At one point Shiller gestured to a graph, explaining that he had used Google Ngrams to measure how frequently Adam Smith and Karl Marx were mentioned by other authors. The graph revealed that Smith’s mentions had increased steadily, peaking 100 years after his work The Wealth of Nations was published. Marx’s mentions, on the other hand, rose slowly for decades, then quite rapidly in the early 20th century before peaking in the 1970s.
Shiller explained that epidemiological concepts like contagion rates could help make sense of these differences. “You can have fast epidemics that last two or three days and then they’re over,” he said. “Or you can have slow epidemics that take 100 years.” Economic trends, he posited, may follow similar trajectories.
Later, Shiller drew on religious history to examine popular responses to the Great Depression, one of the best-known but least-understood economic dramas of the twentieth century. Historical research suggests that many Americans saw the downturn as divine penance for the preceding decade of hedonism, financial fraud, and sexual liberation. “There was this sense that there was something immoral about the 1920s,” said Shiller.
To test that theory, he looked back at sermons given in the days following the stock market crash of 1929. “They loved this crash,” Shiller said of American pastors. “It was the day of judgment arriving.” This moral narrative took root in the broader culture, Shiller added, and ultimately affected economic behavior. Skirt lengths went down, as women felt repelled by the dominant fashions of the 1920s. And as public displays of wealth were shunned amid a severe unemployment crisis, demand fell.
Following the lecture, Shiller was joined onstage by History Professor Jonathan Levy, a principal investigator on the Neubauer Collegium research project “The Economy and Its Boundaries” and author of Freaks of Fortune: The Emerging World of Capitalism and Risk in America (2012).
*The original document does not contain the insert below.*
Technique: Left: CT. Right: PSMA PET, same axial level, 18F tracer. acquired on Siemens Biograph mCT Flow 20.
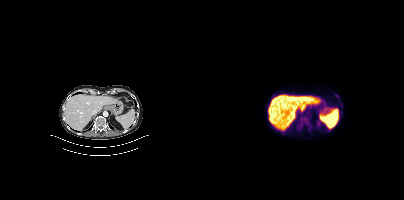
Findings: No PSMA-avid tumor lesions on this slice.

Levy oriented the discussion around contemporary issues like the economic narratives that dominated the 2016 presidential campaigns and the possibility that irrational exuberance accounts in part for today’s surging stock prices.
In a Q&A session following the discussion, audience members asked Shiller about specific economic benchmarks, and whether economists could ever formalize narratives in mathematical terms. “I think it’s not impossible,” Shiller answered. “But we’re not there yet.”
The final question, from Lear, concerned a problem that Shiller was uniquely disposed to address: What structural changes would need to be made at research universities to help scholars of economics break out of their silos?
“The rules of the game are pushing us to specialized research at the frontiers, which is good in many ways,” responded Shiller. “But I also think we should be talking to people of different disciplines.”